- Opening Delimiter -
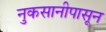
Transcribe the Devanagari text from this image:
नुकसानीपासून
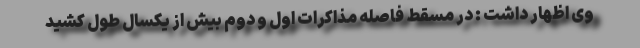
وی اظهار داشت : در مسقط فاصله مذاکرات اول و دوم بیش از یکسال طول کشید
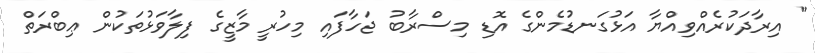
" އިރާދަކުރެއްވިއްޔާ އަޅުގަނޑުމެންގެ އޮޑި މިސްރާބު ޖަހާފައި މިހުރީ މާޒީގެ ފިލާވަޅުތަކުން ޢިބްރަތް
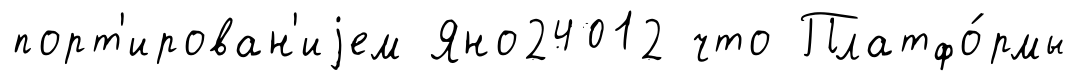
порт'ирован'иjем Яно24012 что Платфо́рмы
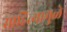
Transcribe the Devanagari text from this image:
साहित्यामुळे
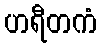
ဟရီတကံ
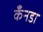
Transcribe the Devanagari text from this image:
कँनडा
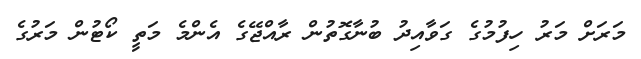
މަރަށް މަރު ހިފުމުގެ ގަވާއިދު ބުނާގޮތުން ރާއްޖޭގެ އެންމެ މަތީ ކޯޓުން މަރުގެ
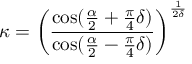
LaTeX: \kappa = \left( \frac { \cos ( \frac { \alpha } { 2 } + \frac { \pi } { 4 } \delta ) } { \cos ( \frac { \alpha } { 2 } - \frac { \pi } { 4 } \delta ) } \right) ^ { \frac { 1 } { 2 \delta } }
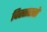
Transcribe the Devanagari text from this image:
विस्तारतो
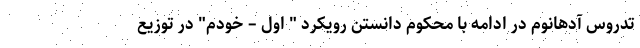
تدروس آدهانوم در ادامه با محکوم دانستن رویکرد " اول – خودم" در توزیع
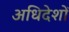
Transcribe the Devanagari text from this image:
अधिदेशों
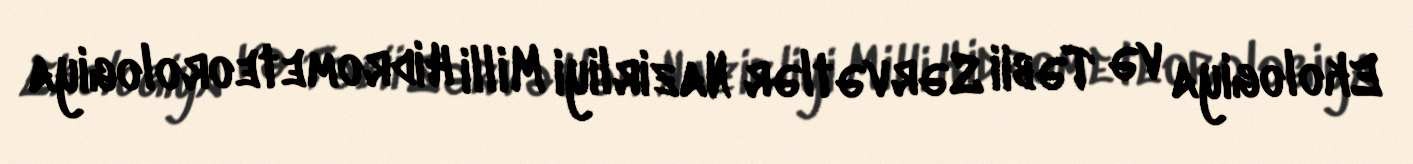
Ekologiya və Təbii Sərvətlər Nazirliyi Milli Hidrometeorologiya
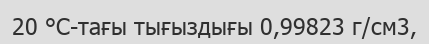
20 °С-тағы тығыздығы 0,99823 г/см3,
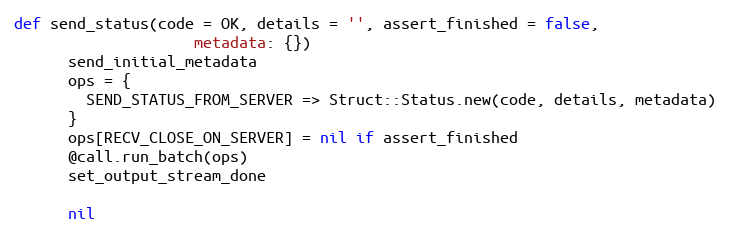
Language: Ruby
def send_status(code = OK, details = '', assert_finished = false,
                    metadata: {})
      send_initial_metadata
      ops = {
        SEND_STATUS_FROM_SERVER => Struct::Status.new(code, details, metadata)
      }
      ops[RECV_CLOSE_ON_SERVER] = nil if assert_finished
      @call.run_batch(ops)
      set_output_stream_done

      nil
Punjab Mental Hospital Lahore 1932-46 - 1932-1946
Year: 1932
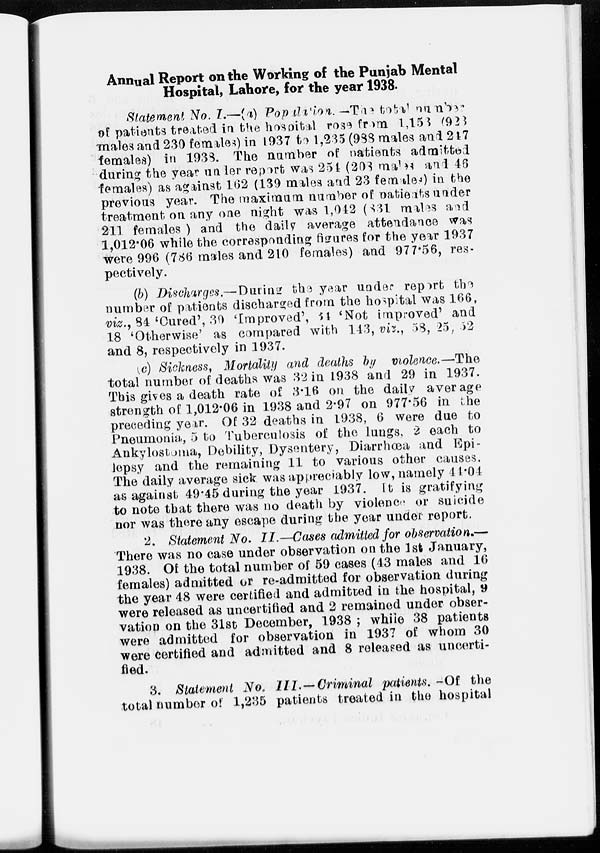
Annual Report on the Working of the Punjab Mental
Hospital, Lahore, for the year 1938.
Statement No. I.—(a) Population. -The total number
of patients treated in the hospital rose from 1,153 (923
males and 230 females) in 1937 to 1,235(988 males and 247
females) in 1938. The number of patients admitted
during the year under report was 254 (203 males and 46
females) as against 162 (139 males and 23 females) in the
previous year. The maximum number of patients under
treatment on any one night was 1,042 (831 males and
211 females ) and the daily average attendance was
1,012.06 while the corresponding figures for the year 1937
were 996 (786 males and 210 females) and 977.56, res-
pectively.
(b) Discharges.—During the year under report the
number of patients discharged from the hospital was 166,
viz., 84 'Cured', 30 'Improved', 34 'Not improved' and
18 'Otherwise' as compared with 143, viz., 58, 25, 52
and 8, respectively in 1937.
(c) Sickness, Mortality and deaths by violence.—The
total number of deaths was .32 in 1938 and 29 in 1937.
This gives a death rate of 3.16 on the daily average
strength of 1,012.06 in 1938 and 2.97 on 977.56 in the
preceding year. Of 32 deaths in 1938, 6 were due to
Pneumonia, 5 to Tuberculosis of the lungs, 2 each to
Ankylostoma, Debility, Dysentery, Diarrhœa and Epi-
lepsy and the remaining 11 to various other causes.
The daily average sick was appreciably low, namely 44.04
as against 49.45 during the year 1937. It is gratifying
to note that there was no death by violence or suicide
nor was there any escape during the year under report.
2. Statement No. II.—Cases admitted for observation.—
There was no case under observation on the 1st January,
1938. Of the total number of 59 cases (43 males and 16
females) admitted or re-admitted for observation during
the year 48 were certified and admitted in the hospital,
9were
rel
vation on the 31st December, 1938 ; while 38 patients
were admitted for observation in 1937 of whom 30
were certified and admitted and 8 released as uncerti-
fied.
3. Statement No. III. —Criminal patients. -Of the
total number of 1,235 patients treated in the hospital
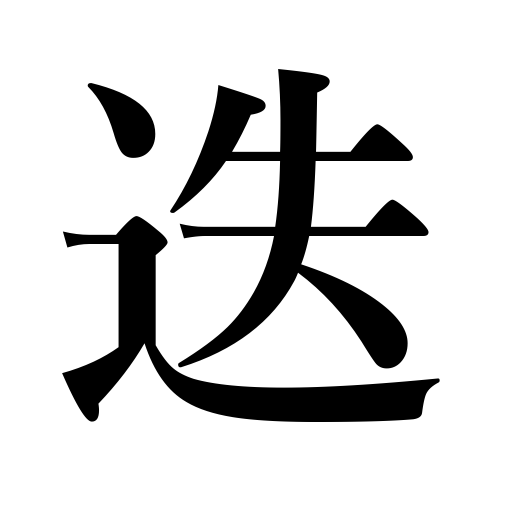
Meanings: alternation
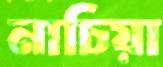
নাচিয়া
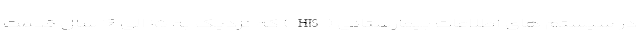
در سیستم های اطلاعات بیمارستانی (HIS) که نزدیک به ۱۵ الی ۱۶ سال قدمت
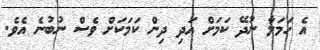
އެ ހަމަލާ ނުދޭ ކަމަށް އަދި ދިން ކަމަކަށް ވެސް ނުބުނެ އެވެ.
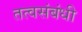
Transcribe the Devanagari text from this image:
तत्वसंबंधी
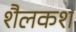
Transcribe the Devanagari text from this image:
शैलकश
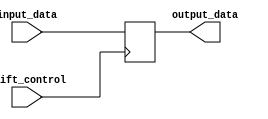
module pipo_shift_register (
    input [7:0] input_data,
    input shift_control,
    output [7:0] output_data
);

reg [7:0] data_register;

always @ (posedge shift_control)
begin
    if (shift_control)
        data_register <= {data_register[6:0], input_data};
    else
        data_register <= data_register;
end

assign output_data = data_register;

endmodule
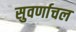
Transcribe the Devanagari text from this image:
सुवर्णाचल
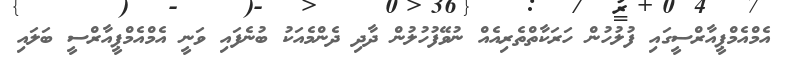
އެމްއެމްޕީއާރްސީގައި ފުލުހުން ހަރަކާތްތެރިއެއް ނުވޭފުުހުލުން ދާދި ދެންމެއަކު ބުނެފައި ވަނީ އެމްއެމްޕީއާރްސީ ބަލައި
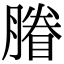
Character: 膡
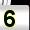
Digit: 5
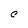
Character: l
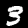
Label: 3
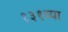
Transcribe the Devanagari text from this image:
१३१व्या
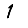
Digit: 1
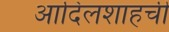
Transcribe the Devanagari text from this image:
आदिलशाहची
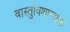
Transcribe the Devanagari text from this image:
वास्तुविशारदाचा
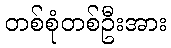
တစ်စုံတစ်ဦးအား
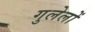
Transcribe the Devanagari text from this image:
गुलेलों
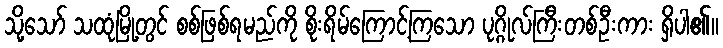
သို့သော် သထုံမြို့တွင် စစ်ဖြစ်ရမည်ကို စိုးရိမ်ကြောင့်ကြသော ပုဂ္ဂိုလ်ကြီးတစ်ဦးကား ရှိပါ၏။
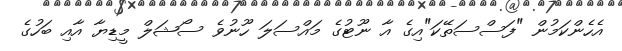
އެހެންކަމުން "ފަސްސަތޭކަ"އިގެ އާ ނޫޓުގެ މައްސަލަ ހޫނުވެ ސޯޝަލް މީޑިޔާ އާއި ބަހުގެ
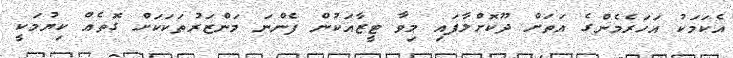
އެކަމަކު އަހަރެމެންގެ އަތަށް ދޫކޮށްލާފައި މިވާ ޓީޒާއަކުން ފެންނަ މަންޒަރުތަކަކަށް ގޮތެއް ކިޔުމަކީ
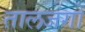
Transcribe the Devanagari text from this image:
तालजंगों
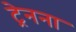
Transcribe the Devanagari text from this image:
ट्रेनना
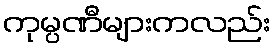
ကုမ္ပဏီများကလည်း
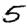
Digit: 5
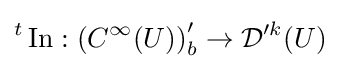
{}^{t}\operatorname {In} :\left(C^{\infty }(U)\right)_{b}^{\prime }\to {\mathcal {D}}'^{k}(U)
- Closing Delimiter -
# Task brief
Word for word, restate all of the records. Exclude the pictures.

# Solution for this task
Transcribe the Devanagari text from this image:
नुकसानीपासून
وی اظهار داشت : در مسقط فاصله مذاکرات اول و دوم بیش از یکسال طول کشید
" އިރާދަކުރެއްވިއްޔާ އަޅުގަނޑުމެންގެ އޮޑި މިސްރާބު ޖަހާފައި މިހުރީ މާޒީގެ ފިލާވަޅުތަކުން ޢިބްރަތް
порт'ирован'иjем Яно24012 что Платфо́рмы
Transcribe the Devanagari text from this image:
साहित्यामुळे
ဟရီတကံ
Transcribe the Devanagari text from this image:
कँनडा
މަރަށް މަރު ހިފުމުގެ ގަވާއިދު ބުނާގޮތުން ރާއްޖޭގެ އެންމެ މަތީ ކޯޓުން މަރުގެ
LaTeX: \kappa = \left( \frac { \cos ( \frac { \alpha } { 2 } + \frac { \pi } { 4 } \delta ) } { \cos ( \frac { \alpha } { 2 } - \frac { \pi } { 4 } \delta ) } \right) ^ { \frac { 1 } { 2 \delta } }
Transcribe the Devanagari text from this image:
विस्तारतो
تدروس آدهانوم در ادامه با محکوم دانستن رویکرد " اول – خودم" در توزیع
Transcribe the Devanagari text from this image:
अधिदेशों
Ekologiya və Təbii Sərvətlər Nazirliyi Milli Hidrometeorologiya
20 °С-тағы тығыздығы 0,99823 г/см3,
Language: Ruby
def send_status(code = OK, details = '', assert_finished = false,
                    metadata: {})
      send_initial_metadata
      ops = {
        SEND_STATUS_FROM_SERVER => Struct::Status.new(code, details, metadata)
      }
      ops[RECV_CLOSE_ON_SERVER] = nil if assert_finished
      @call.run_batch(ops)
      set_output_stream_done

      nil
Punjab Mental Hospital Lahore 1932-46 - 1932-1946
Year: 1932
Annual Report on the Working of the Punjab Mental
Hospital, Lahore, for the year 1938.
Statement No. I.—(a) Population. -The total number
of patients treated in the hospital rose from 1,153 (923
males and 230 females) in 1937 to 1,235(988 males and 247
females) in 1938. The number of patients admitted
during the year under report was 254 (203 males and 46
females) as against 162 (139 males and 23 females) in the
previous year. The maximum number of patients under
treatment on any one night was 1,042 (831 males and
211 females ) and the daily average attendance was
1,012.06 while the corresponding figures for the year 1937
were 996 (786 males and 210 females) and 977.56, res-
pectively.
(b) Discharges.—During the year under report the
number of patients discharged from the hospital was 166,
viz., 84 'Cured', 30 'Improved', 34 'Not improved' and
18 'Otherwise' as compared with 143, viz., 58, 25, 52
and 8, respectively in 1937.
(c) Sickness, Mortality and deaths by violence.—The
total number of deaths was .32 in 1938 and 29 in 1937.
This gives a death rate of 3.16 on the daily average
strength of 1,012.06 in 1938 and 2.97 on 977.56 in the
preceding year. Of 32 deaths in 1938, 6 were due to
Pneumonia, 5 to Tuberculosis of the lungs, 2 each to
Ankylostoma, Debility, Dysentery, Diarrhœa and Epi-
lepsy and the remaining 11 to various other causes.
The daily average sick was appreciably low, namely 44.04
as against 49.45 during the year 1937. It is gratifying
to note that there was no death by violence or suicide
nor was there any escape during the year under report.
2. Statement No. II.—Cases admitted for observation.—
There was no case under observation on the 1st January,
1938. Of the total number of 59 cases (43 males and 16
females) admitted or re-admitted for observation during
the year 48 were certified and admitted in the hospital,
9were
rel
vation on the 31st December, 1938 ; while 38 patients
were admitted for observation in 1937 of whom 30
were certified and admitted and 8 released as uncerti-
fied.
3. Statement No. III. —Criminal patients. -Of the
total number of 1,235 patients treated in the hospital
Meanings: alternation
নাচিয়া
در سیستم های اطلاعات بیمارستانی (HIS) که نزدیک به ۱۵ الی ۱۶ سال قدمت
އެ ހަމަލާ ނުދޭ ކަމަށް އަދި ދިން ކަމަކަށް ވެސް ނުބުނެ އެވެ.
Transcribe the Devanagari text from this image:
तत्वसंबंधी
Transcribe the Devanagari text from this image:
शैलकश
module pipo_shift_register (
    input [7:0] input_data,
    input shift_control,
    output [7:0] output_data
);

reg [7:0] data_register;

always @ (posedge shift_control)
begin
    if (shift_control)
        data_register <= {data_register[6:0], input_data};
    else
        data_register <= data_register;
end

assign output_data = data_register;

endmodule
Transcribe the Devanagari text from this image:
सुवर्णाचल
އެމްއެމްޕީއާރްސީގައި ފުލުހުން ހަރަކާތްތެރިއެއް ނުވޭފުުހުލުން ދާދި ދެންމެއަކު ބުނެފައި ވަނީ އެމްއެމްޕީއާރްސީ ބަލައި
Character: 膡
Digit: 5
Character: l
Label: 3
Transcribe the Devanagari text from this image:
१३१व्या
Digit: 1
Transcribe the Devanagari text from this image:
आदिलशाहची
Transcribe the Devanagari text from this image:
वास्तुविशारदाचा
တစ်စုံတစ်ဦးအား
Transcribe the Devanagari text from this image:
गुलेलों
သို့သော် သထုံမြို့တွင် စစ်ဖြစ်ရမည်ကို စိုးရိမ်ကြောင့်ကြသော ပုဂ္ဂိုလ်ကြီးတစ်ဦးကား ရှိပါ၏။
އެހެންކަމުން "ފަސްސަތޭކަ"އިގެ އާ ނޫޓުގެ މައްސަލަ ހޫނުވެ ސޯޝަލް މީޑިޔާ އާއި ބަހުގެ
އެކަމަކު އަހަރެމެންގެ އަތަށް ދޫކޮށްލާފައި މިވާ ޓީޒާއަކުން ފެންނަ މަންޒަރުތަކަކަށް ގޮތެއް ކިޔުމަކީ
Transcribe the Devanagari text from this image:
तालजंगों
Transcribe the Devanagari text from this image:
ट्रेनना
ကုမ္ပဏီများကလည်း
Digit: 5
{}^{t}\operatorname {In} :\left(C^{\infty }(U)\right)_{b}^{\prime }\to {\mathcal {D}}'^{k}(U)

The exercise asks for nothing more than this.